**Records shown**
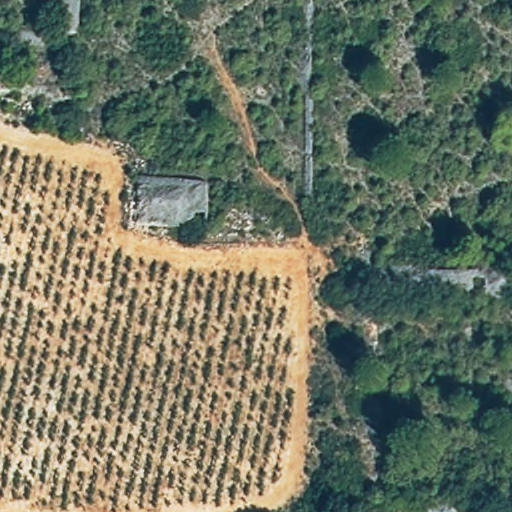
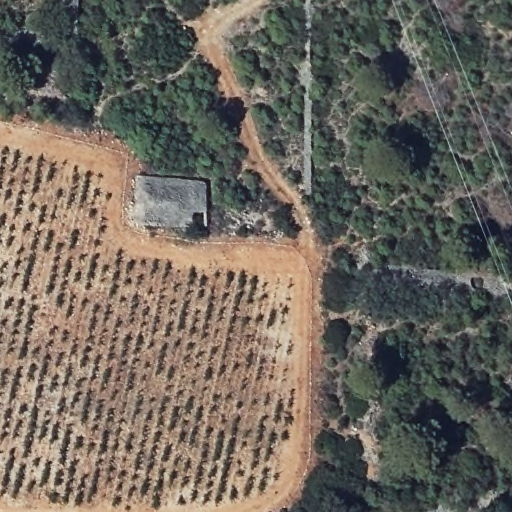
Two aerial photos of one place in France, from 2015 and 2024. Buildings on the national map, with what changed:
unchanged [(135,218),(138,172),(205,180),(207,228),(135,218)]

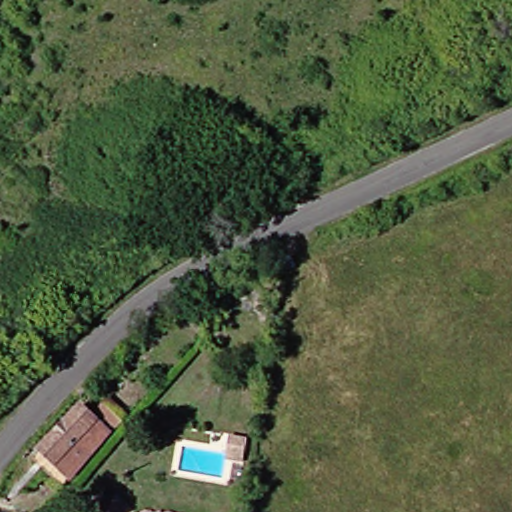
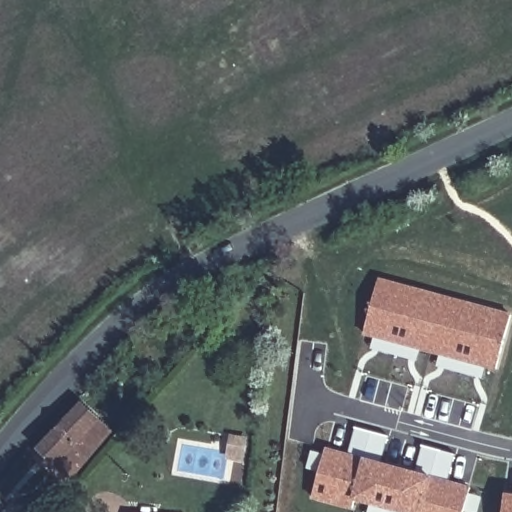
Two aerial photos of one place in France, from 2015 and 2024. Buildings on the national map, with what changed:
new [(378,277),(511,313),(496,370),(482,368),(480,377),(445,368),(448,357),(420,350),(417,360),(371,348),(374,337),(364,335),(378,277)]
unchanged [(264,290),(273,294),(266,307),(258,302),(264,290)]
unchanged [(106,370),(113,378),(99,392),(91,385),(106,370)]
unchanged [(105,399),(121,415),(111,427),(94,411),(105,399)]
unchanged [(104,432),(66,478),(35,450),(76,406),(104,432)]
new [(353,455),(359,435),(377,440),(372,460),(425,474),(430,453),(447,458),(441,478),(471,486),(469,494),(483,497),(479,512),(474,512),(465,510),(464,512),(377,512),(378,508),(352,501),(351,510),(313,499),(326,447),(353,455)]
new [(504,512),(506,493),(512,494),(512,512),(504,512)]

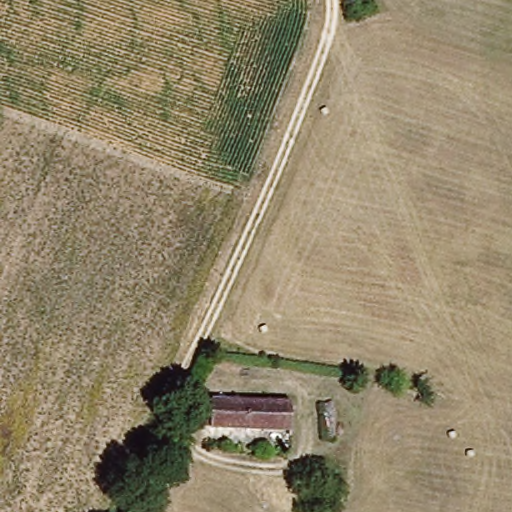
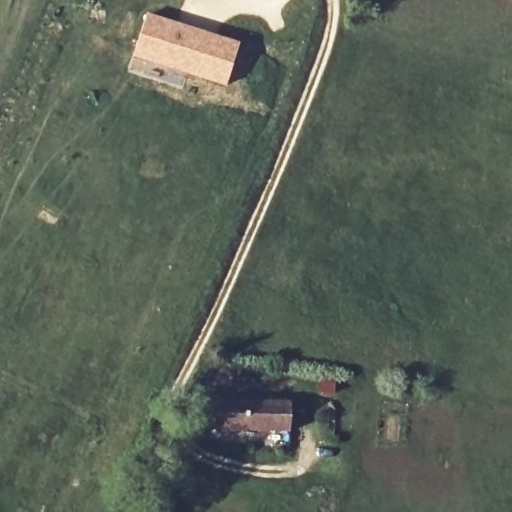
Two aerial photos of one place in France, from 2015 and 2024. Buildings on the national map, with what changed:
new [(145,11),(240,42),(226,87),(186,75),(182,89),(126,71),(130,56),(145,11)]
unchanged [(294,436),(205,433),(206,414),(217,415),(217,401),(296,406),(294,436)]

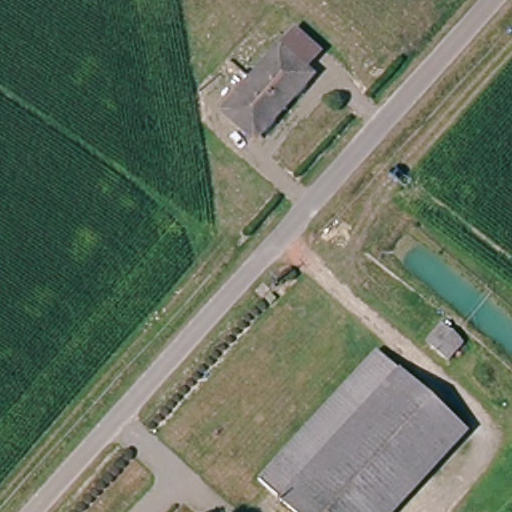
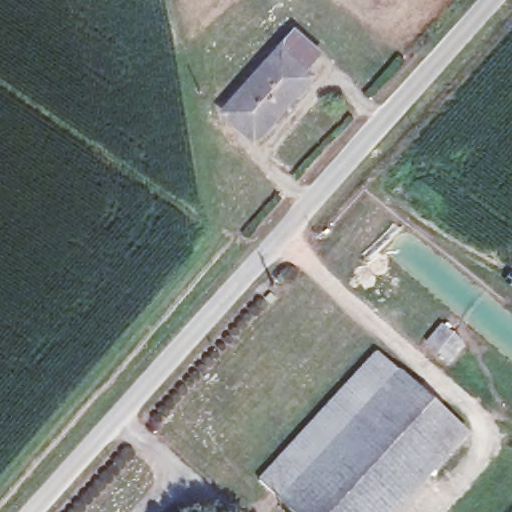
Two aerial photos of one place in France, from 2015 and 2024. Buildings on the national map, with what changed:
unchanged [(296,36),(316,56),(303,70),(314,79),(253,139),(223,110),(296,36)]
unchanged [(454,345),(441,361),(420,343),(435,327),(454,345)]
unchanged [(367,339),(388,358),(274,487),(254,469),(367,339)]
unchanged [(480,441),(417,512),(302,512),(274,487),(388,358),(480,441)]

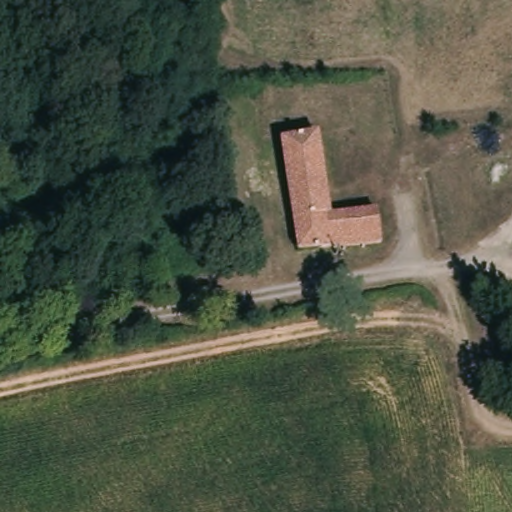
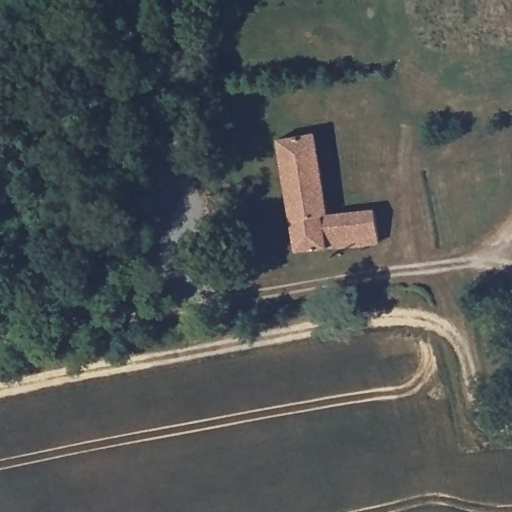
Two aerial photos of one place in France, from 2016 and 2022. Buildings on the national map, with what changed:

**Assigned task**
Print every entry exactly; omit the pictures.

**Result of the task**
Two aerial photos of one place in France, from 2015 and 2024. Buildings on the national map, with what changed:
unchanged [(135,218),(138,172),(205,180),(207,228),(135,218)]

Two aerial photos of one place in France, from 2015 and 2024. Buildings on the national map, with what changed:
new [(378,277),(511,313),(496,370),(482,368),(480,377),(445,368),(448,357),(420,350),(417,360),(371,348),(374,337),(364,335),(378,277)]
unchanged [(264,290),(273,294),(266,307),(258,302),(264,290)]
unchanged [(106,370),(113,378),(99,392),(91,385),(106,370)]
unchanged [(105,399),(121,415),(111,427),(94,411),(105,399)]
unchanged [(104,432),(66,478),(35,450),(76,406),(104,432)]
new [(353,455),(359,435),(377,440),(372,460),(425,474),(430,453),(447,458),(441,478),(471,486),(469,494),(483,497),(479,512),(474,512),(465,510),(464,512),(377,512),(378,508),(352,501),(351,510),(313,499),(326,447),(353,455)]
new [(504,512),(506,493),(512,494),(512,512),(504,512)]

Two aerial photos of one place in France, from 2015 and 2024. Buildings on the national map, with what changed:
new [(145,11),(240,42),(226,87),(186,75),(182,89),(126,71),(130,56),(145,11)]
unchanged [(294,436),(205,433),(206,414),(217,415),(217,401),(296,406),(294,436)]

Two aerial photos of one place in France, from 2015 and 2024. Buildings on the national map, with what changed:
unchanged [(296,36),(316,56),(303,70),(314,79),(253,139),(223,110),(296,36)]
unchanged [(454,345),(441,361),(420,343),(435,327),(454,345)]
unchanged [(367,339),(388,358),(274,487),(254,469),(367,339)]
unchanged [(480,441),(417,512),(302,512),(274,487),(388,358),(480,441)]

Two aerial photos of one place in France, from 2016 and 2022. Buildings on the national map, with what changed:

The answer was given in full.